Description Felipe Alfaro Solana 2003-08-18 15:50:26 UTC
Distribution: Red Hat Linux Taroon Beta 1 Hardware Environment: Pentium IV 2.0 GHz i845DE-based motherboard ATI Radeon 7000 VE 3Com Corporation 3c905C-TX-M hda: ST380021A, ATA DISK drive hdb: IBM-DTLA-307030, ATA DISK drive hdc: Pioneer DVD-ROM ATAPIModel DVD-500M B00, ATAPI CD/DVD-ROM drive hdd: PLEXTOR CD-R PX-W4824A, ATAPI CD/DVD-ROM drive Microsoft Natural PS/2 keyboard No mouse Software Environment: Red Hat Linux Taroon Beta 1 Problem Description: If I try to boot my P4 box (i845DE motherboard) with no PS/2 mouse plugged into the PS/2 port, the kernel hangs while checking the AUX ports in function i8042_check_aux(). The i8042_check_aux() function is trying to request IRQ #12, but the call to request_irq() causes the hang. The kernel hangs exactly at: if (request_irq(values->irq, i8042_interrupt, SA_SHIRQ, "i8042", i8042_request_irq_cookie)) in drivers/input/serio/i8042.c, with a value of 12 for values->irq. If I boot with my PS/2 mouse attached, the kernel is able to boot normally. Also, disabling ACPI support in the kernel allows me to boot 2.6.0-test3-bk6 with no PS/2 mouse plugged in. I have booted up the kernel with initcall_debug=1 to see where it was hanging. It's not pretty informative (the last initcall report notesi8042_init), but I've left it enabled as you will see in the "dmesg"output. Attached to this report, I've included System.map (useful as I've enabledinitcall debug), and the sources of the i8042.c that I modified with plenty of printk() messages to guess where the hang was being produced. Also, the output of "lspci -vvv" while running a 2.4.21 kernel, "dmesg" for 2.6.0-test3-bk6 and the list of interruptsbeing used (when booted with a PS/2 mouse attached), plus the "config"file used to compile the kernel are attached to this message.

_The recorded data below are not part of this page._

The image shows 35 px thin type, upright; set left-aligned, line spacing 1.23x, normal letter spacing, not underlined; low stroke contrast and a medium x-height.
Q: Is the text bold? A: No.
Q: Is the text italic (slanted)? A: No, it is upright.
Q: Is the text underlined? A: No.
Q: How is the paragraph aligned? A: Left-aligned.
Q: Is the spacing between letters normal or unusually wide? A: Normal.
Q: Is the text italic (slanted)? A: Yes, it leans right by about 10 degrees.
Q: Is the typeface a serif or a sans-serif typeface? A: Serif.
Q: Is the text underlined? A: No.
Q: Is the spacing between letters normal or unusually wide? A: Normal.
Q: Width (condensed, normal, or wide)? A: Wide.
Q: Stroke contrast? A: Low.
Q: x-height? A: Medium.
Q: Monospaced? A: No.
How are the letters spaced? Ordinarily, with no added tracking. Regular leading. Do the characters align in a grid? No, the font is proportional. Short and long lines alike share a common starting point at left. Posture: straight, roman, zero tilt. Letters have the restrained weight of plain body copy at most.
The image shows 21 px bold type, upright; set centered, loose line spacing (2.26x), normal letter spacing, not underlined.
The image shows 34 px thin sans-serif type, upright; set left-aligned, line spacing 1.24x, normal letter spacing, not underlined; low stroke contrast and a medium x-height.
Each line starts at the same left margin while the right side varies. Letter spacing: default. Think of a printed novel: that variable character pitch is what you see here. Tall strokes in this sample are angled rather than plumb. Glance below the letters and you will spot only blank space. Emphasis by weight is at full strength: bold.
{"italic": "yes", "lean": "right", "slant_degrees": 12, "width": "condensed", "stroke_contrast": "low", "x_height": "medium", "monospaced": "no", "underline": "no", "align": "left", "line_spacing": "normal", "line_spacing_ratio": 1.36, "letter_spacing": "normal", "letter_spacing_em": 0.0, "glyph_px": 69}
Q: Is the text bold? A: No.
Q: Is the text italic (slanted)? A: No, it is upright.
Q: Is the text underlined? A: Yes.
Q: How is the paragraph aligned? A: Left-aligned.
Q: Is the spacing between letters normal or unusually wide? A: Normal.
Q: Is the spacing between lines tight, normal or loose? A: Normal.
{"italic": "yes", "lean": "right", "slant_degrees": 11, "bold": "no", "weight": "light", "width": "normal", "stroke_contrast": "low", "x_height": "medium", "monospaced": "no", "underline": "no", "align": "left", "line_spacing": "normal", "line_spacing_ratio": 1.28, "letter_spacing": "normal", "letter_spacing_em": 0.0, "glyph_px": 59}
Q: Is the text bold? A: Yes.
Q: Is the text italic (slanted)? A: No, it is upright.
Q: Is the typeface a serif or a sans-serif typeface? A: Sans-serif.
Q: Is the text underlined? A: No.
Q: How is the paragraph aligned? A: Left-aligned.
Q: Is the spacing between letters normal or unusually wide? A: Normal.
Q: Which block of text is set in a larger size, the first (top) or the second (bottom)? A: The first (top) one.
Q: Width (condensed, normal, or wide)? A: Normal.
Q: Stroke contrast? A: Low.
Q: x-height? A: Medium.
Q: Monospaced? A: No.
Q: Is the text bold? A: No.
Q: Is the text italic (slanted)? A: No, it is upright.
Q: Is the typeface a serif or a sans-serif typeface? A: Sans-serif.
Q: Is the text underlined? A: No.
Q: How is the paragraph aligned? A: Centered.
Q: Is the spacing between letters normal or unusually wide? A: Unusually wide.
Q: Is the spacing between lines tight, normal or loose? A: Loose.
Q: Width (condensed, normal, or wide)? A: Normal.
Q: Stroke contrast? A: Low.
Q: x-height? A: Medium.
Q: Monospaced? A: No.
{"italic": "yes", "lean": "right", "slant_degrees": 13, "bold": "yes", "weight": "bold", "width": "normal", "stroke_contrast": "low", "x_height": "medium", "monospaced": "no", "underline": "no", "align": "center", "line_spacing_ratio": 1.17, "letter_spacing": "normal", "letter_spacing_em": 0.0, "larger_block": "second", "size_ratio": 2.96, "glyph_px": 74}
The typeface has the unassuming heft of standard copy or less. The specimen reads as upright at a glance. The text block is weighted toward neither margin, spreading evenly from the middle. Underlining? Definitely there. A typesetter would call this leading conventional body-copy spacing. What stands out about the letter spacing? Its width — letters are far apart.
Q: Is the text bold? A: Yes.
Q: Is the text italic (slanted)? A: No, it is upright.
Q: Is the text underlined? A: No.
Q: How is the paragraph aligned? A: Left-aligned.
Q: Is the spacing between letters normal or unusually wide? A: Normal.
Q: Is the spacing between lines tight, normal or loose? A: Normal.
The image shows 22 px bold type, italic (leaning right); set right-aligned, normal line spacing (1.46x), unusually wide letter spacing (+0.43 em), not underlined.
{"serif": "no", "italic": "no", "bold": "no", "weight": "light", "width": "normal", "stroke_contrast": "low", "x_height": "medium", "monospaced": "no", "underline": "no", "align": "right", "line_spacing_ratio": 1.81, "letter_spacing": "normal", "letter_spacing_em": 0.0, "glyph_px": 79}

Steps to reproduce: 1. Compile 2.6.0-test3-bk6 using the supplied config file 2. Try to boot it on a i845DE motherboard while no mouse is plugged in
Comment 1 Felipe Alfaro Solana 2003-08-18 15:51:31 UTC
Created attachment 666 [details] config used to compile 2.6.0-test3-bk6
Comment 2 Felipe Alfaro Solana 2003-08-18 15:52:01 UTC
Created attachment 667 [details] dmesg output after booting *with* a PS/2 mouse plugged in
Comment 3 Felipe Alfaro Solana 2003-08-18 15:53:57 UTC
Created attachment 668 [details] Modified version of i8042.c while some additional printk() This is the i8042.c version of 2.6.0-test3-bk6 with additional printk()'s to find where exactly the kernel was hanging. It just turned out the problem was while trying to request IRQ #12 by calling request_irq() inside i8042_check_aux().
Comment 4 Felipe Alfaro Solana 2003-08-18 15:54:17 UTC
Created attachment 669 [details] a copy of /proc/interrupts
Comment 5 Felipe Alfaro Solana 2003-08-18 15:55:04 UTC
Created attachment 670 [details] output of the "lspci -vvv" command This is the output of "lspci -vvv" while running a 2.4.21 kernel.
Comment 6 Felipe Alfaro Solana 2003-08-18 15:56:26 UTC
Created attachment 671 [details] The System.map file for the 2.6.0-test3-bk6 kernel I think this System.map can be interesting to decipher all those "initcall" debug messages.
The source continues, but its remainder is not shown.